Welcome to Programming and Data Structures

Now that we know how rotations can be used to restructure a tree, we can explore how to use them to maintain balance in a binary search tree. As we discussed in the previous chapter, the efficiency of many binary search tree operations depends on the height of the tree. If the tree becomes unbalanced, with some branches much deeper than others, the performance of operations like insertion, deletion, and lookup can degrade from \(O(\log n)\) to \(O(n)\text{.}\) All of the self-balancing technologies we will explore seek to prevent this and provide some guarantee that the height of the tree remains logarithmic.

The first self balancing structure we will consider is the AVL Tree, named after its inventors G.M. Adelson-Velsky and E.M. Landis. An AVL tree is a binary search tree that maintains a balance condition: for every node in the tree, the heights of the left and right subtrees can differ by at most 1. This balance condition will ensure that the height of the tree remains logarithmic in relation to the number of nodes.

To calculate the balance of nodes efficiently, each node in an AVL tree typically stores its height as an additional piece of data. (Recall that a leaf has a height of 0. This means that if we ever need to reason about the height of an empty subtree, we can consider it to be -1.) When we perform insertions or deletions, that may change the heights of nodes along the path from the modified node back up to the root. So, as we return from our recursive calls, we will need to update the heights of the nodes we visit.
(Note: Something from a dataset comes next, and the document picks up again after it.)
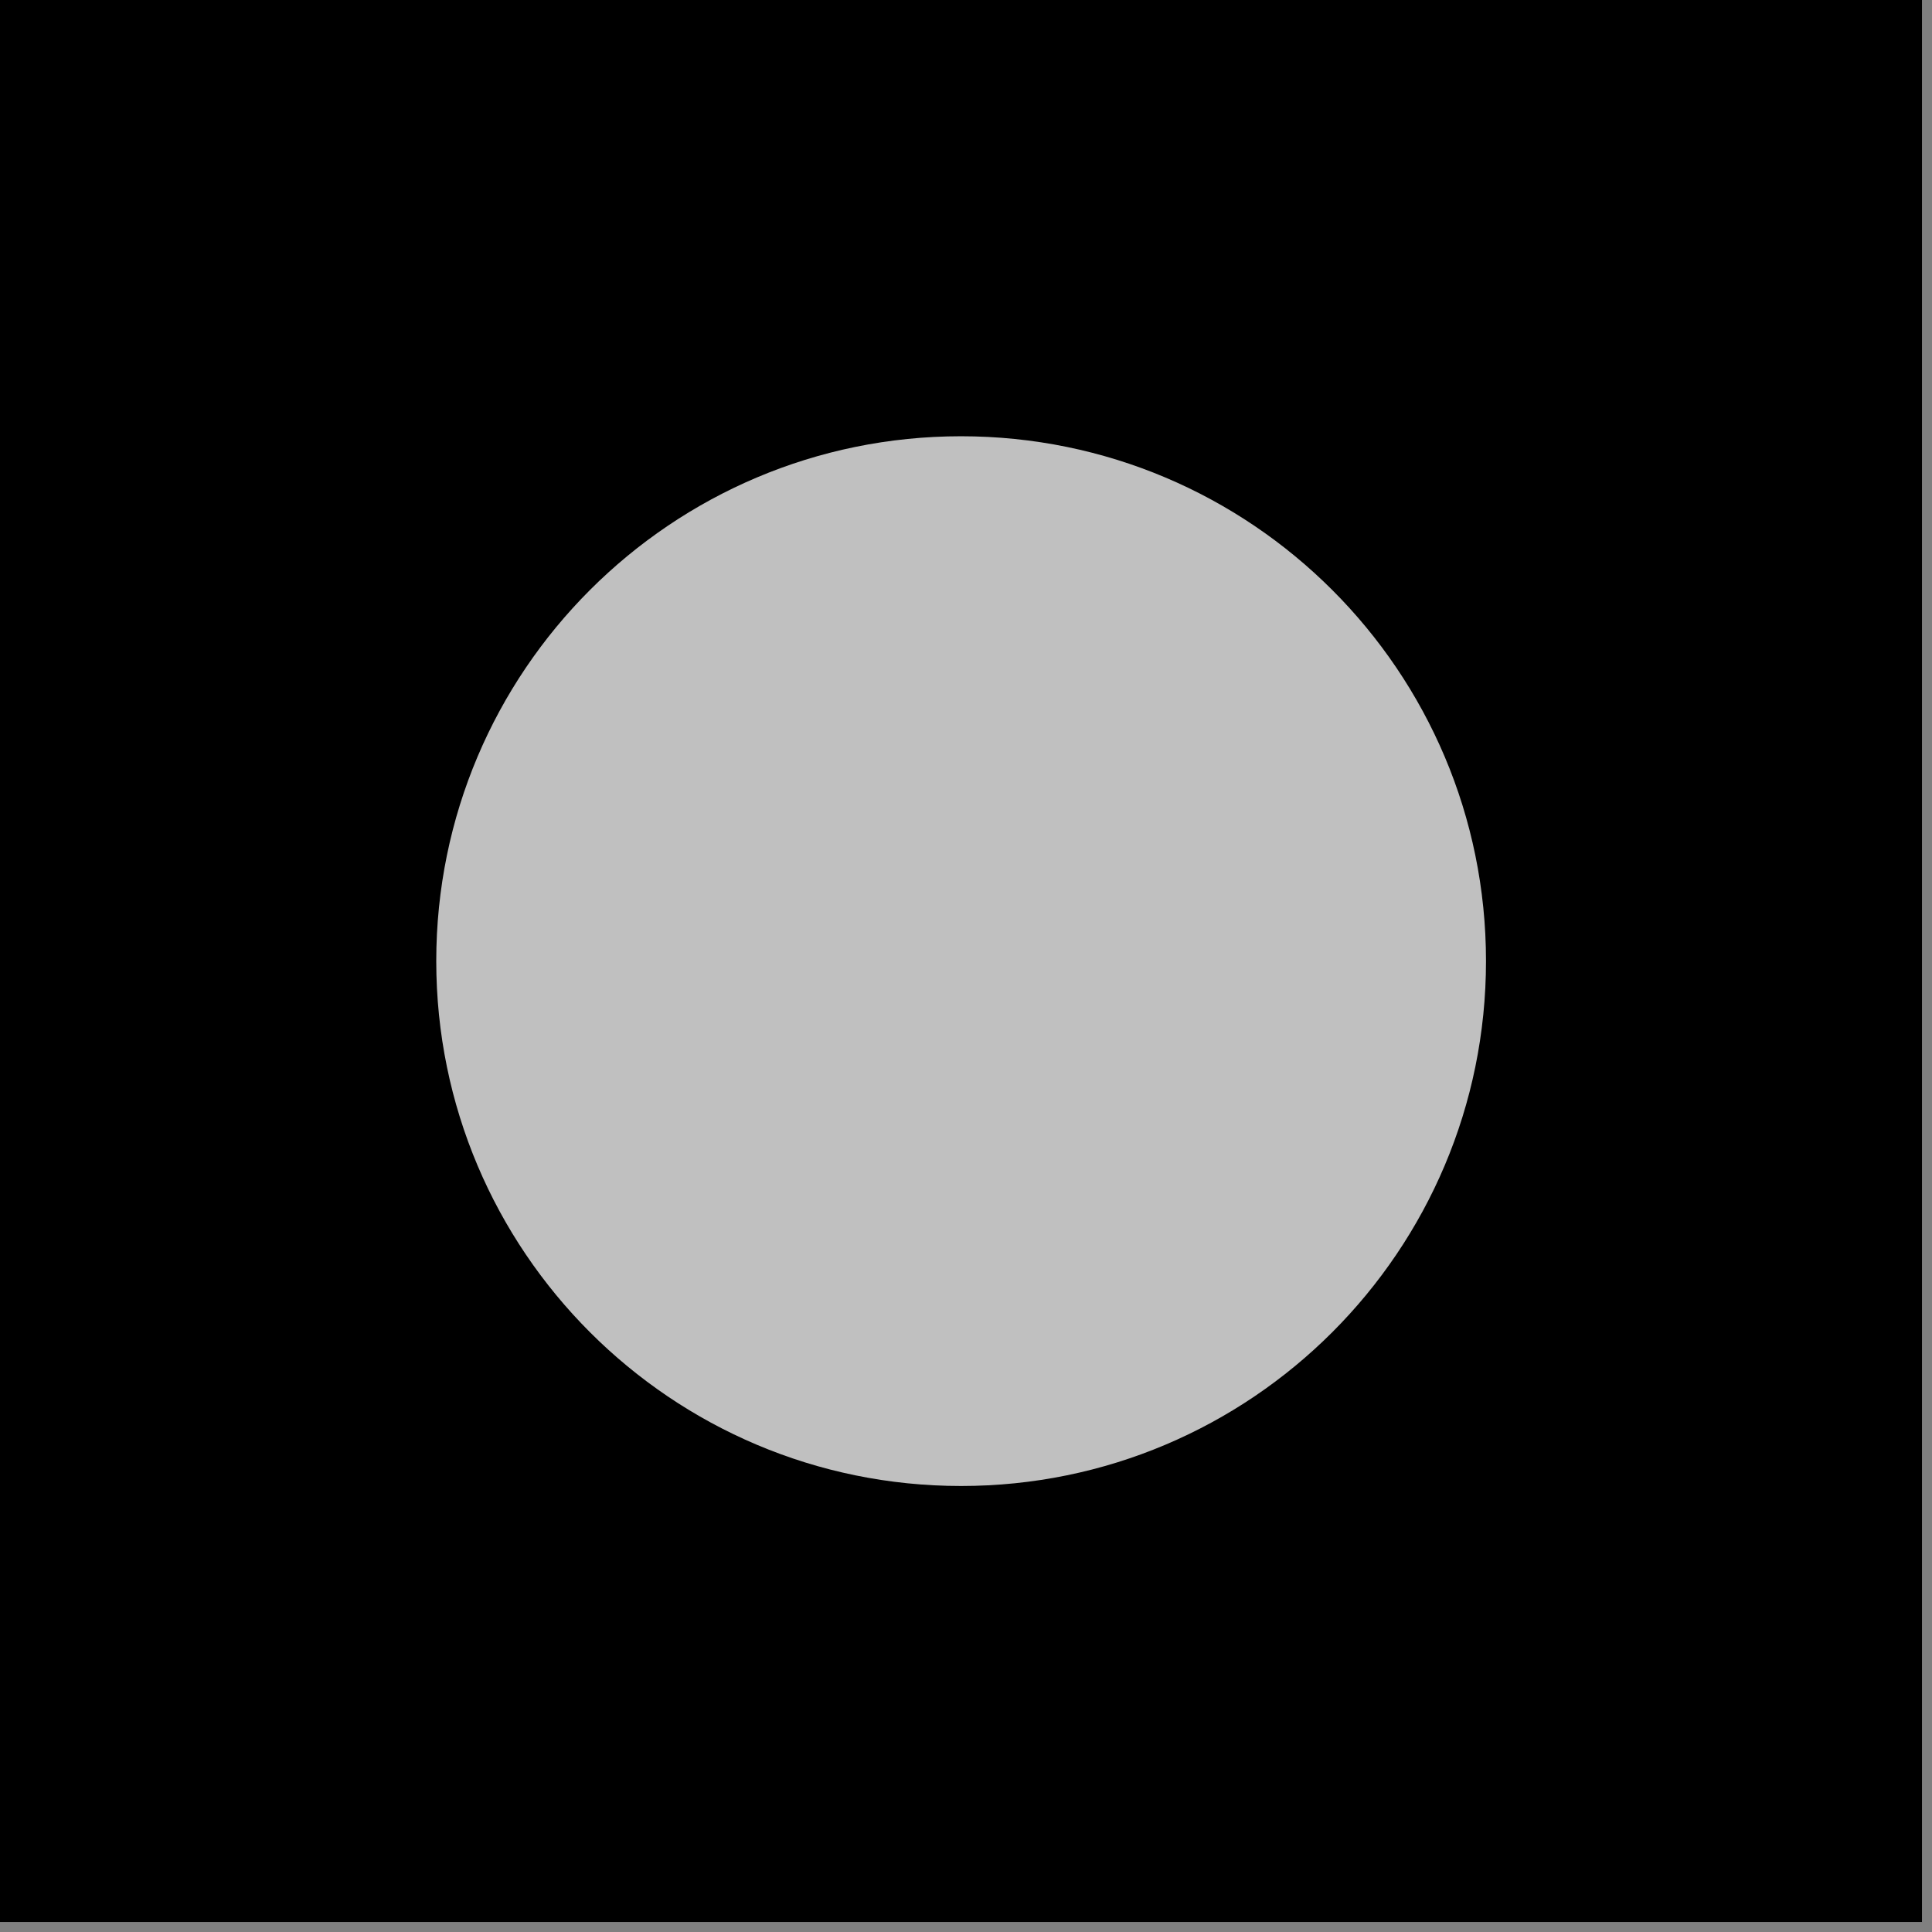 <?xml version="1.0" encoding="UTF-8"?> <svg xmlns="http://www.w3.org/2000/svg" xmlns:xlink="http://www.w3.org/1999/xlink" width="65" zoomAndPan="magnify" viewBox="0 0 48.75 48.75" height="65" preserveAspectRatio="xMidYMid meet" version="1.0"><rect x="0" y="0" width="48.75" height="48.75" fill="#808080" stroke="none"/><defs><clipPath id="c67f1f2812"><path d="M 0 0 L 48.5 0 L 48.5 48.5 L 0 48.5 Z M 0 0 " clip-rule="nonzero"></path></clipPath><clipPath id="17f8d5e132"><path d="M 11.008 11.008 L 37.496 11.008 L 37.496 37.496 L 11.008 37.496 Z M 11.008 11.008 " clip-rule="nonzero"></path></clipPath><clipPath id="be09e0fdbc"><path d="M 24.25 11.008 C 16.938 11.008 11.008 16.938 11.008 24.25 C 11.008 31.566 16.938 37.496 24.25 37.496 C 31.566 37.496 37.496 31.566 37.496 24.25 C 37.496 16.938 31.566 11.008 24.25 11.008 Z M 24.25 11.008 " clip-rule="nonzero"></path></clipPath></defs><g clip-path="url(#c67f1f2812)"><path fill="#ffffff" d="M 0 0 L 48.5 0 L 48.5 48.5 L 0 48.5 Z M 0 0 " fill-opacity="1" fill-rule="nonzero"></path><path fill="#000000" d="M 0 0 L 48.5 0 L 48.5 48.5 L 0 48.5 Z M 0 0 " fill-opacity="1" fill-rule="nonzero"></path></g><g clip-path="url(#17f8d5e132)"><g clip-path="url(#be09e0fdbc)"><path fill="#c0c0c0" d="M 11.008 11.008 L 37.496 11.008 L 37.496 37.496 L 11.008 37.496 Z M 11.008 11.008 " fill-opacity="1" fill-rule="nonzero"></path></g></g></svg>

We also need to check the current balance factor of the node. This value is not stored. It is calculated on demand as the difference in the heights of the left and right subtrees. (We will use the convention of height(left) - height(right) though it is arbitrary.) A balance factor of 0, 1, or -1 indicates that the node is balanced. A balance factor greater than 1 or less than -1 indicates that the node is unbalanced and requires rebalancing through rotations.

You can explore this in the animation below.

In the “same direction” case, a single rotation away from the taller child will restore balance. In the “zig-zag” case, we need to perform a double rotation: first a rotation on the child node to straighten out the zig-zag, and then a rotation on the unbalanced node to complete the balancing.

Use the animation below to explore these two cases.

The rotation can happen at any level of the tree. For example, if you insert 900 into the tree shows in the animation above (after resetting it), the imbalance will occur 509. It would have children of height 0 and of 2 and require a left rotation to fix.

In an insertion, we should only need to perform one rotation (single or double) to restore balance. This is because the insertion of a new leaf can only increase the height of the tree by 1, and that increase can only propagate up the tree until it reaches a node that was already balanced. Once we perform a rotation to fix an unbalanced node, the height of the subtree rooted at that node will be restored to what it was before the insertion, preventing further imbalances up the tree.

Deletions can be a bit more complex. Removing a node can decrease the height of the tree, which can cause multiple nodes along the path back to the root to become unbalanced. Therefore, after a deletion, we may need to perform multiple rotations (single or double) as we backtrack up the tree to restore balance at each unbalanced node.